Cayuga Home for Children
101 Hamilton Avenue, Auburn, New York (March 4, 2013- May 6, 2015) Medical Billing Specialist
• Responsible submit claims to Medicaid, Third Party Insures and Individuals daily
• Verify various Insurance via eMedNy Epaces, Website
• Responsible for submitting monthly Invoices to all self-pay clients
• Processed all payments Insurances and Self pay to the clients’ accounts
• Track payments and adjustments received on above Invoices
• Maintain detailed balances for Accounts receivables that have not yet been collected
• Assist in clean-up of aged Accounts receivable balance
• Set up sliding fee and make payments arrangements on past due accounts
• Train new staff coming in
• Responsible for packing up prior years EOB’s and Invoices
• Worked with the Auditors
• Complete all correspondences to Third party Insurances and clients
• Perform other duties as requested by immediate supervisor or the Chief Executive Officer
• Billing system – Anasazi now called Cerner
ARC of Onondaga, Syracuse, New York (February 2009 – March 2013) Medical Billing Specialist
• AD/CPT4/CDT and ICD-9-CM coding
• Research outstanding claims on A/R aging report
• Prepare and post charges into eMedNy Epaces for Medicaid clients.

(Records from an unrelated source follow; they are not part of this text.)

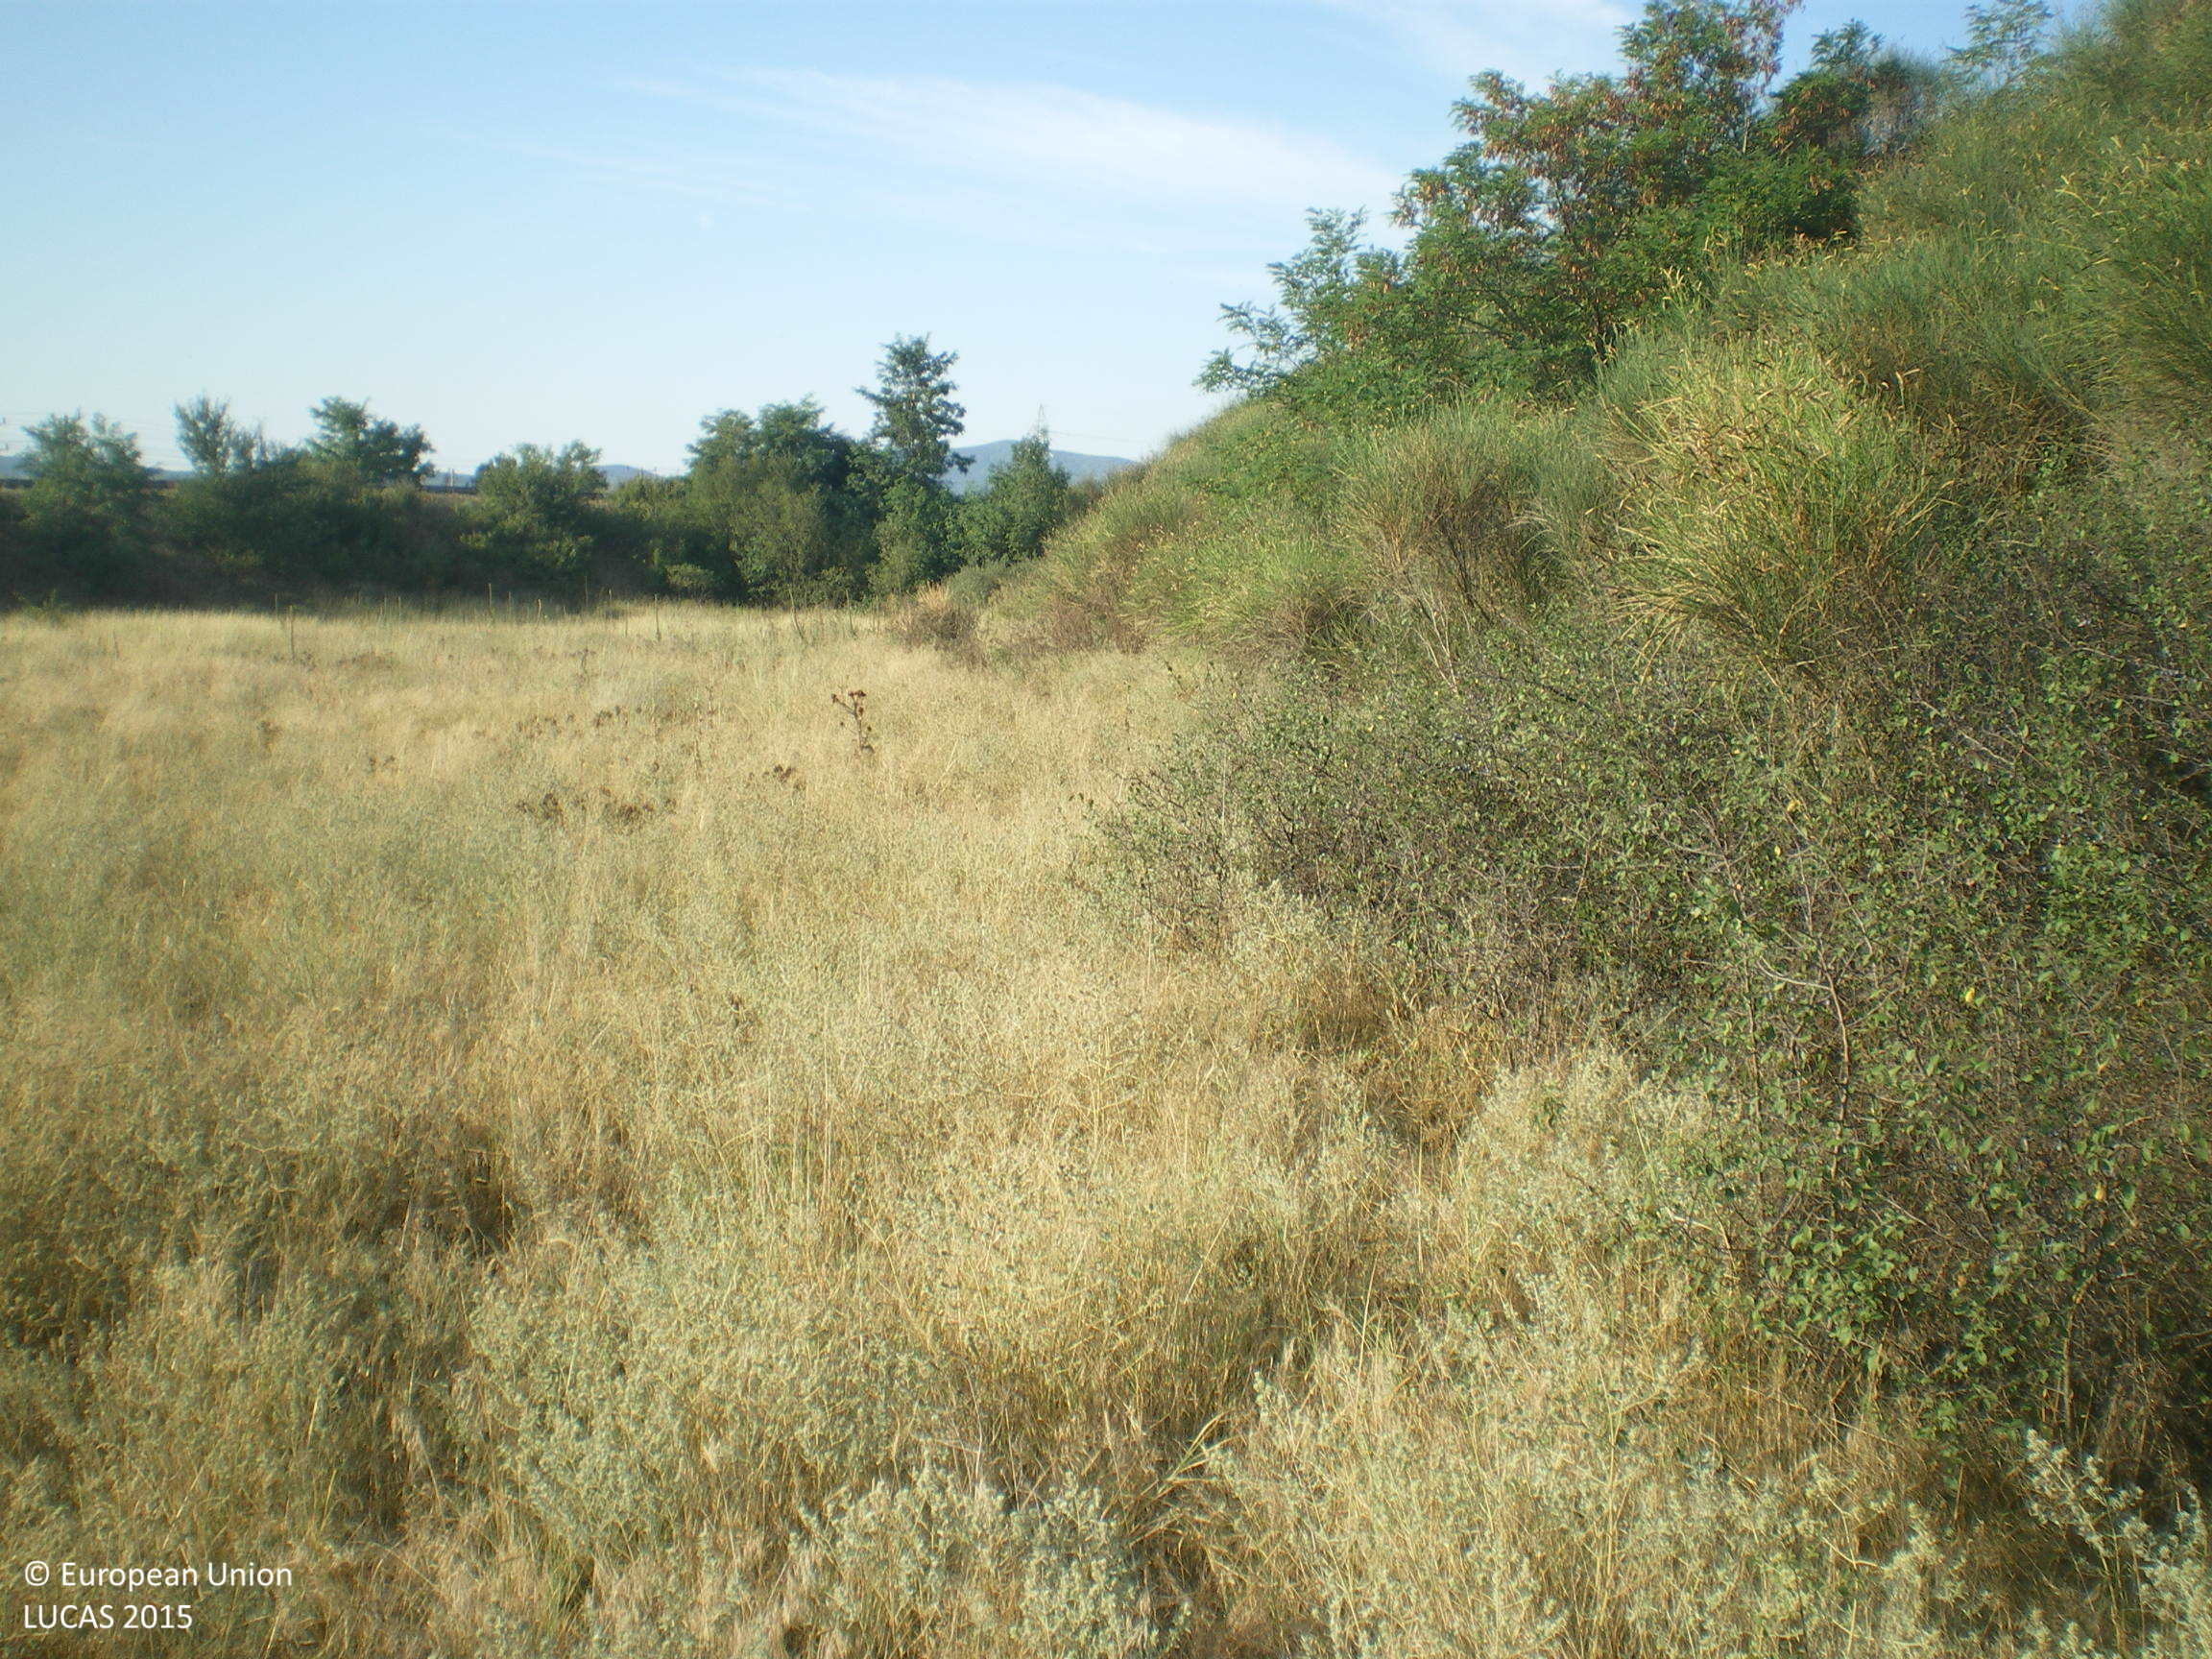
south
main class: Grassland
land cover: Grassland without tree/shrub cover
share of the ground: > 75 %
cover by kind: herbaceous plants 95 %, shrubs 5 %
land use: Road transport
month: August
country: BG
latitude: 42.6053
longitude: 25.6397

• Review Medicaid Denial Reports as well as make corrections.
• Prepare and post charges to Medicare via the Internet.
• Prepare and Post charges for Third Party Payor and mail claims.
• Review Third Party Payor denials and make proper corrections.
• Update current clients’ demographics.
• Invoice all charges into MAS90.
• Create client accounts via MAS90.
• Add clients to Pentatmation (SunGard) and create account numbers.
• Create and update consumer insurance information using Excel spreadsheets.
• Follow up phone calls with various insurance carriers/Medicare and Medicaid
• Prepare and process Park-side School SED and EI billing.
• Retrieve Information via Therap IDF.
• Trained in processing DayHab and Prov for all consumers via Epaces.
• Process all OMPS and SEMPS via the Internet.
Syracuse Community Health Center, Inc., Syracuse, New York (October 1991 – October 2008) Billing Manager (Interim); AR/Billing Supervisor; Interim Billing Manager; Billing/Collection Supervisor; Interim Charge Entry Supervisor; Dental Manager; Patient Account Supervisor; Dental Collection Specialist; Patient Account Representative
• Posted month end close/all payments.
• Prepare and corrected denial reports and claims as they were returned.
• Balanced system payment batch to input source documents
• Performed collection activities including sliding fee set up, budget plan set and monitoring collections calls, financial counseling at time of visit.
• Registered new patients.
• Update current patients’ demographics.
• Supervised a staff of seven / set up new employee training.
• Posted and made corrections to Total Care Payments.
• Posted and made corrections to CMCM Payments.
• Reviewed Monthly Error Reports.
• Scheduled patients’ appointments.
• Reviewed Medicaid Posting errors.
• Posted and made corrections to Medicare Payments.